In fact, it occurred to me that not composting has got to be one of the most radical and crazy things we've ever come up with. Go back a hundred years, before garbage disposals and chemical fertilizers, and you'll find that through most of human history — since the advent of agriculture — people relied on organic waste from horse poop to veggie trimmings for their soil nutrients.
You don't even have to time travel — just visit any number of countries in the world right now and find that composting is the most normal thing on Earth. I'm particularly reminded of my time in India where the sight of cows in the streets converting palm leaves used as lunch plates into valuable fertilizer is as common as the smell of perfume in a shopping mall. But you don't even have to travel that far: across the US there are millions of people with gardens who save their sloppy seconds to grow food with.
And yet, in the United States we manage to throw 97% of our precious food scraps into landfills. Sure, it's a bit different in a modern American city with few back yards and no cows in the street, but if cities can figure out composting systems that work within their community and get the nutrient-rich and carbon-absorbing fertilizer to the surrounding farms and back onto our dinner tables, is it crazy to want to do the best you can to support it and pitch in?
Personally, I think it's totally and utterly crazy not to.

Does this guy look like a fanatic? Photo by Debra Baida.
With that in mind, I started to chime in as soon as the laughter ringing through our kitchen from Deb's response had subsided.
I don't remember the exact words I used but what I tried to convey was that this short window in human history where we're consuming exponentially more than we're putting back in is truly extraordinary, exceptional, and temporary. Just because a couple of generations of people have lived utterly wasteful and unsustainable lives long enough to create a majority myth of mindless consumerism doesn't mean that it is actually based in any kind of long-term reality as regards the carrying capacity of planet Earth.
While the out-of-sight-out-of-mind mentality of a throw-away society facilitated by the temporary availability of cheap fossil fuels is understandable in the context of the relative abundance of resources and space up until a few decades ago, it is becoming increasingly more difficult for even the most naive denizens to ignore the now visible reality that an ever growing human population consuming ever more and faster is pushing up against the earth's limits.
So am I the one who is crazy for being excited about an opportunity to reduce my ecological footprint and be a little more in sync with the earth's natural flow?
Am I going over the deep end for digging my city's composting efforts and doing my part to take it as far as we can together?
Is it extreme for me to bring my own beautiful canvas shopping bags to the store and be happy about San Francisco's pioneering plastic bag ban that will keep millions of these single-use petroleum-based convenience products out of the ocean?

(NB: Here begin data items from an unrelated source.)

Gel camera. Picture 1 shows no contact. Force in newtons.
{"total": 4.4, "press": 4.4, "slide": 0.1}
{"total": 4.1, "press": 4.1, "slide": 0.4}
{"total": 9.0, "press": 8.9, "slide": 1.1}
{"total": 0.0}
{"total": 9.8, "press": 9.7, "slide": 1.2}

Is it fanatical to want to live within the planet's shrinking means, considering that I am sharing it with 7 billion others who all want their children to have a slice of the pie?

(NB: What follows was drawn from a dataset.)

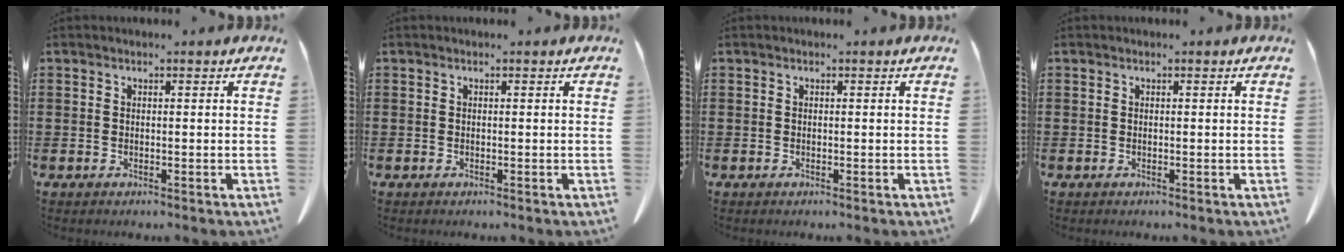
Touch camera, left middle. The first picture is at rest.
{"total": 0.0}
{"total": 0.0}
{"total": 0.0}

Or could it be that, just maybe, it's those who continue to believe that there's an "away" when they toss the things they're done using who are living in a fantasy world?
I, for one, don't mind pulling my weight. Call me crazy.

"Look, it's just like a trash can, only green!"
So thank you Spencer & friends for coming to our house to talk trash. I hope PBS and other media will keep reporting on this important issue. There is so much food (and compost) for thought here for all of us, and the more questions we ask about this the more normal it'll soon feel for all of us to live in a (close to) zero waste world.